Question

Find the coordinates of the point which divides the line segment joining \((2, -3)\) and \((7, 9)\) in the ratio \(3:2\).

• A. (5, 4.2)
• B. (5, 8.2)
• C. (4, 10.2)
• D. (3, 12.2)

Hint:

To find the point dividing a segment in ratio \(m:n\), always clarify the order of division and use the formula accordingly.

Answer 1

The Correct Option is A

To solve the problem, we need to find the coordinates of the point dividing the line segment joining $(2, -3)$ and $(7, 9)$ in the ratio $3 : 2$.

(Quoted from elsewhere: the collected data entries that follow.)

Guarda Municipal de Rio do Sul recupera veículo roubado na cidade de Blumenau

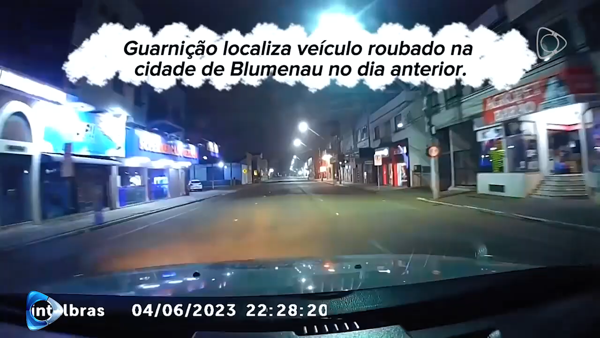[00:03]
em rondas pela avenida Barão do Rio Branco, visualizou um veículo com placas da cidade de Indaial,
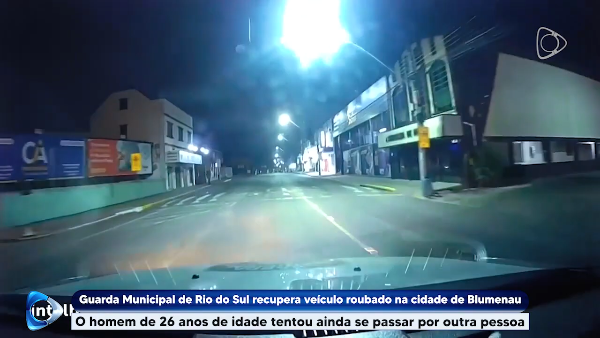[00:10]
no médio vale do Itajaí, transitando na rua CIS Brasil. Os agentes tinham conhecimento que o veículo havia sido roubado na cidade de Blumenau no dia anterior. Ao perceber que seria abordado, o condutor fugiu em alta velocidade pela contramão de direção na avenida Barão do Rio Branco e rua Rui Barbosa. Posteriormente, acessou a ponte dos Arcos, sendo acompanhado pela guarnição durante todo o trajeto.
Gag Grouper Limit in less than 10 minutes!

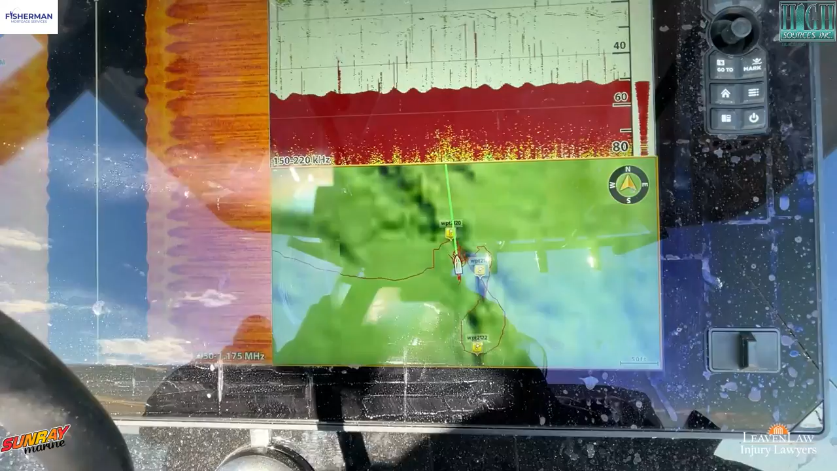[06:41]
That's an indication of that, of this ledge that we're fishing. And you don't see, I'm not right on the ledge itself.
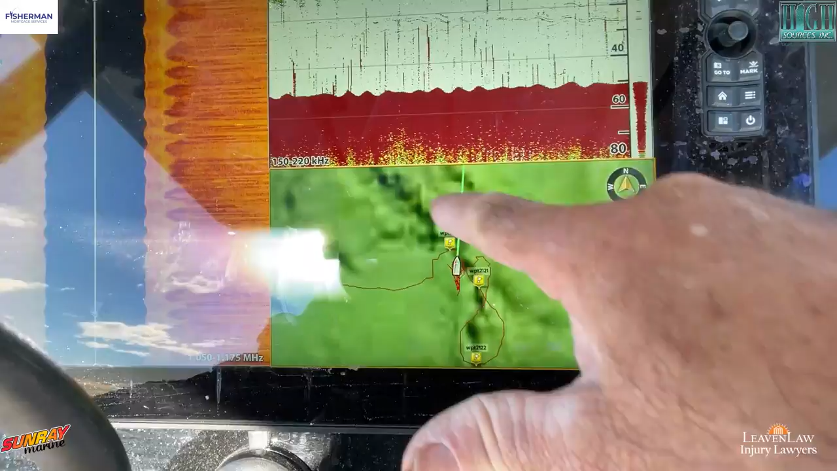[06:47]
As you can see, we're going back and forth with the trolling motor, not by much,
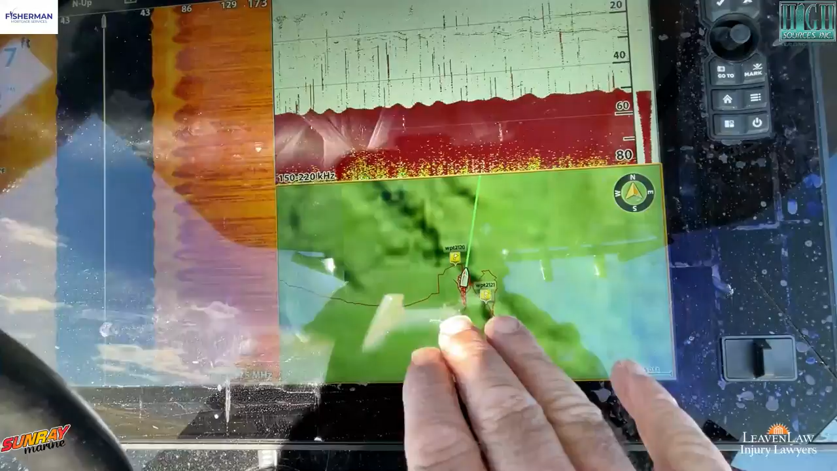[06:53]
just by a few feet, but I'm just on the edge of it, so we can work the outside of it.
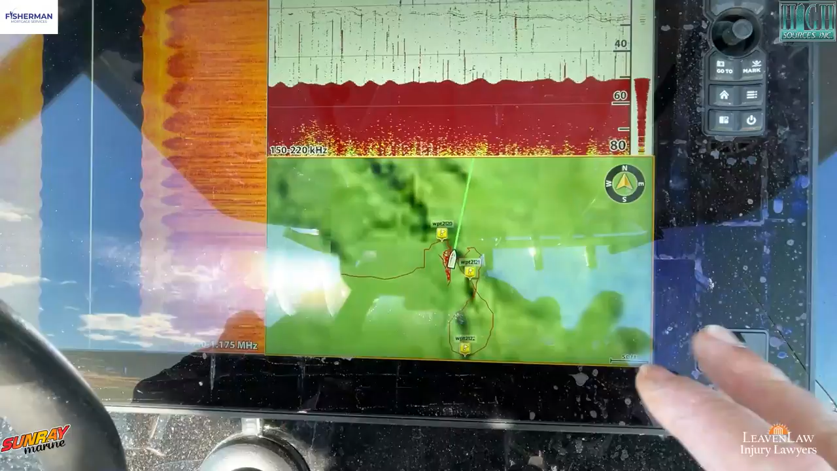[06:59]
And as you'll see here, there's a show of fish
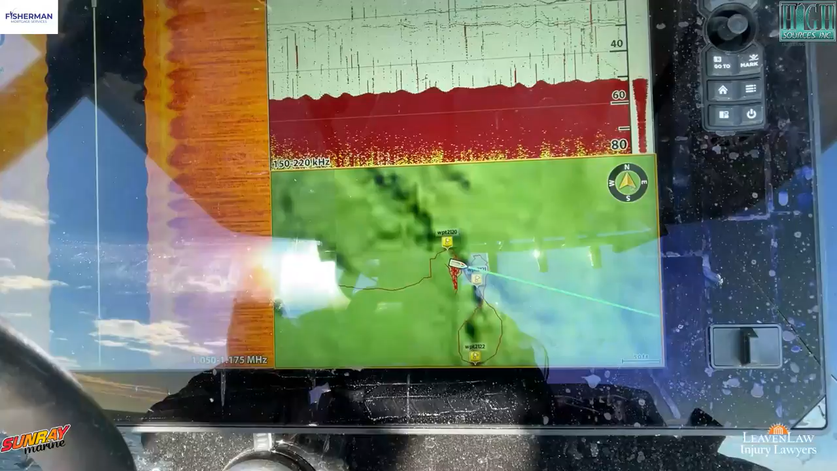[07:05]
right in here.
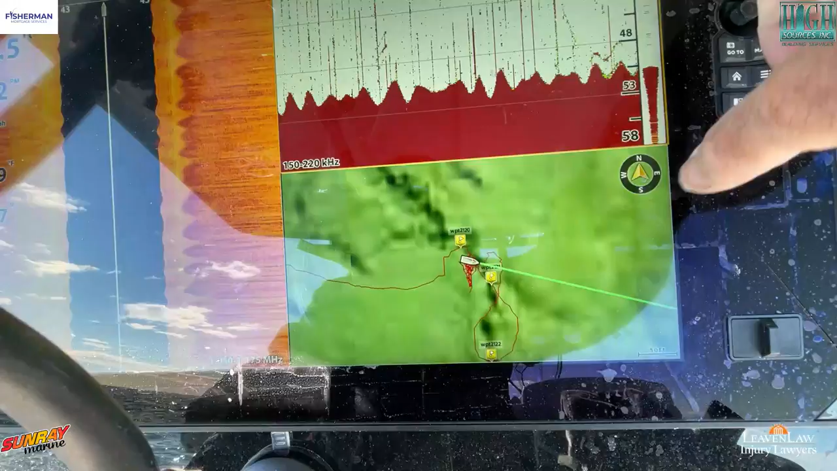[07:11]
So we're working that farther edge. You can see the kind of the edge of the ledge right there on the side imaging.
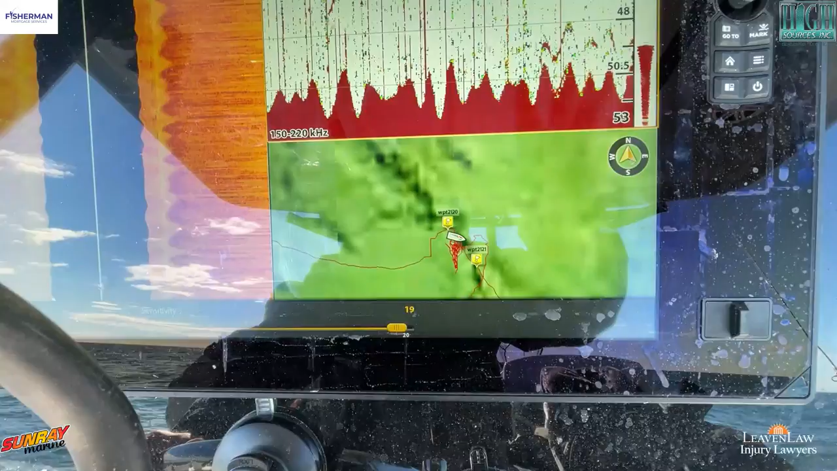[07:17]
And then there's some hard bottom to our left over here.
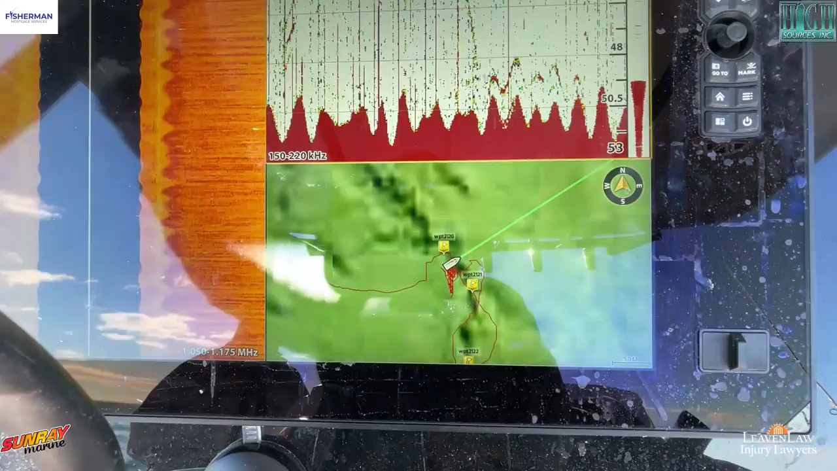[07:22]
You can see that right in there. Those squiggly lines, those are hard bottom.
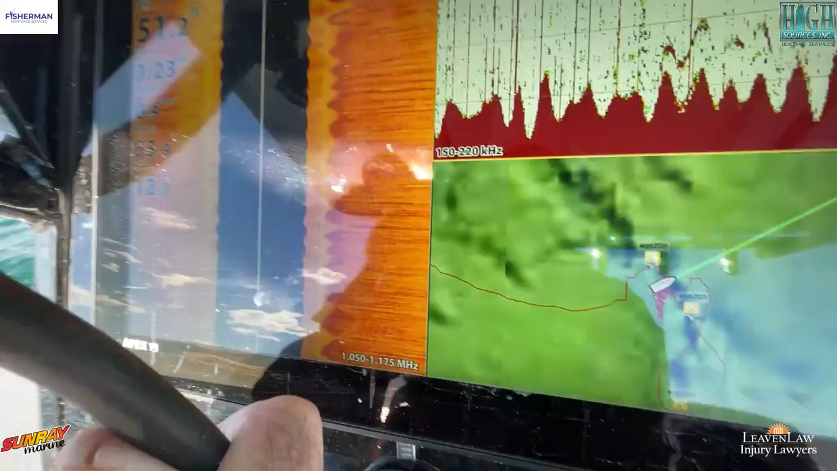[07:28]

1. Understanding the Section Formula: 
If a point $P$ divides the line segment joining points $A(x_1, y_1)$ and $B(x_2, y_2)$ in the ratio $m : n$, then the coordinates of $P$ are given by:

$ P = \left(\frac{mx_2 + nx_1}{m + n}, \frac{my_2 + ny_1}{m + n}\right) $

2. Substituting the Given Values:
Here,
$ x_1 = 2, \quad y_1 = -3 $
$ x_2 = 7, \quad y_2 = 9 $
$ m = 3, \quad n = 2 $

3. Calculating the $x$-coordinate:
$ x = \frac{3 \times 7 + 2 \times 2}{3 + 2} = \frac{21 + 4}{5} = \frac{25}{5} = 5 $

4. Calculating the $y$-coordinate:
$ y = \frac{3 \times 9 + 2 \times (-3)}{3 + 2} = \frac{27 - 6}{5} = \frac{21}{5} = 4.2 $

5. Final Coordinates:
The point dividing the line segment is $ \boxed{(5, 4.2)} $.